The binary format of a certificate is defined using the ASN.1 notation [X208] [PKCS]. This notation defines how to specify the contents and encoding rules define how this information is translated into binary form. The binary encoding of the certificate is defined using Distinguished Encoding Rules (DER), which are based on the more general Basic Encoding Rules (BER). For those transmissions which cannot handle binary, the binary form may be translated into an ASCII form by using Base64 encoding [MIME]. When placed between begin and end delimiter lines (as below), this encoded version is called a PEM ("Privacy Enhanced Mail") encoded certificate.

Example of a PEM-encoded certificate (snakeoil.crt)

Certificate Authorities

By verifying the information in a certificate request before granting the certificate, the Certificate Authority assures itself of the identity of the private key owner of a key-pair. For instance, if Alice requests a personal certificate, the Certificate Authority must first make sure that Alice really is the person the certificate request claims she is.

Certificate Chains

A Certificate Authority may also issue a certificate for another Certificate Authority. When examining a certificate, Alice may need to examine the certificate of the issuer, for each parent Certificate Authority, until reaching one which she has confidence in. She may decide to trust only certificates with a limited chain of issuers, to reduce her risk of a "bad" certificate in the chain.

Creating a Root-Level CA

As noted earlier, each certificate requires an issuer to assert the validity of the identity of the certificate subject, up to the top-level Certificate Authority (CA). This presents a problem: who can vouch for the certificate of the top-level authority, which has no issuer? In this unique case, the certificate is "self-signed", so the issuer of the certificate is the same as the subject. Browsers are preconfigured to trust well-known certificate authorities, but it is important to exercise extra care in trusting a self-signed certificate. The wide publication of a public key by the root authority reduces the risk in trusting this key -- it would be obvious if someone else publicized a key claiming to be the authority.

A number of companies, such as Thawte and VeriSign have established themselves as Certificate Authorities. These companies provide the following services:

Verifying certificate requests
Processing certificate requests
Issuing and managing certificates

It is also possible to create your own Certificate Authority. Although risky in the Internet environment, it may be useful within an Intranet where the organization can easily verify the identities of individuals and servers.

Certificate Management

Establishing a Certificate Authority is a responsibility which requires a solid administrative, technical and management framework.

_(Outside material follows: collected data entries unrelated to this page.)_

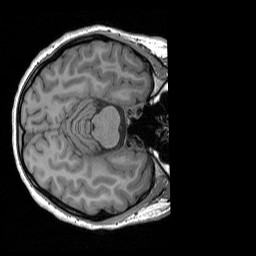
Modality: T1w
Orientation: axial
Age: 24
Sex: female
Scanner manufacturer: siemens
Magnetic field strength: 3 T
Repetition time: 1.9 s
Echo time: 0.00252 s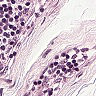
Metastatic tissue present: no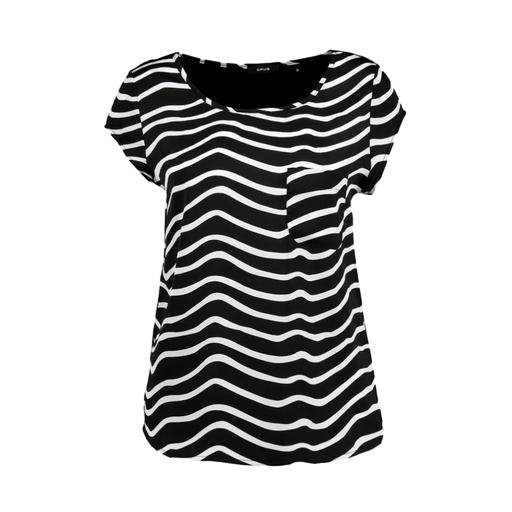
black plus size printed t-shirt only macy, black geo-print t-shirt only macy, black printed short-sleeve top only macy, white background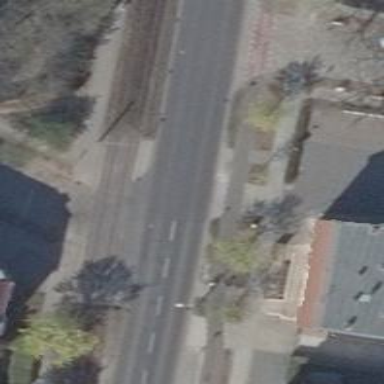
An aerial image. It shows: Unmarked road crossing.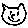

Certificate Authorities not only issue certificates, they also manage them -- that is, they determine for how long certificates remain valid, they renew them and keep lists of certificates that were issued in the past but are no longer valid (Certificate Revocation Lists, or CRLs).

For example, if Alice is entitled to a certificate as an employee of a company but has now left that company, her certificate may need to be revoked. Because certificates are only issued after the subject's identity has been verified and can then be passed around to all those with whom the subject may communicate, it is impossible to tell from the certificate alone that it has been revoked. Therefore when examining certificates for validity it is necessary to contact the issuing Certificate Authority to check CRLs -- this is usually not an automated part of the process.

Note

If you use a Certificate Authority that browsers are not configured to trust by default, it is necessary to load the Certificate Authority certificate into the browser, enabling the browser to validate server certificates signed by that Certificate Authority. Doing so may be dangerous, since once loaded, the browser will accept all certificates signed by that Certificate Authority.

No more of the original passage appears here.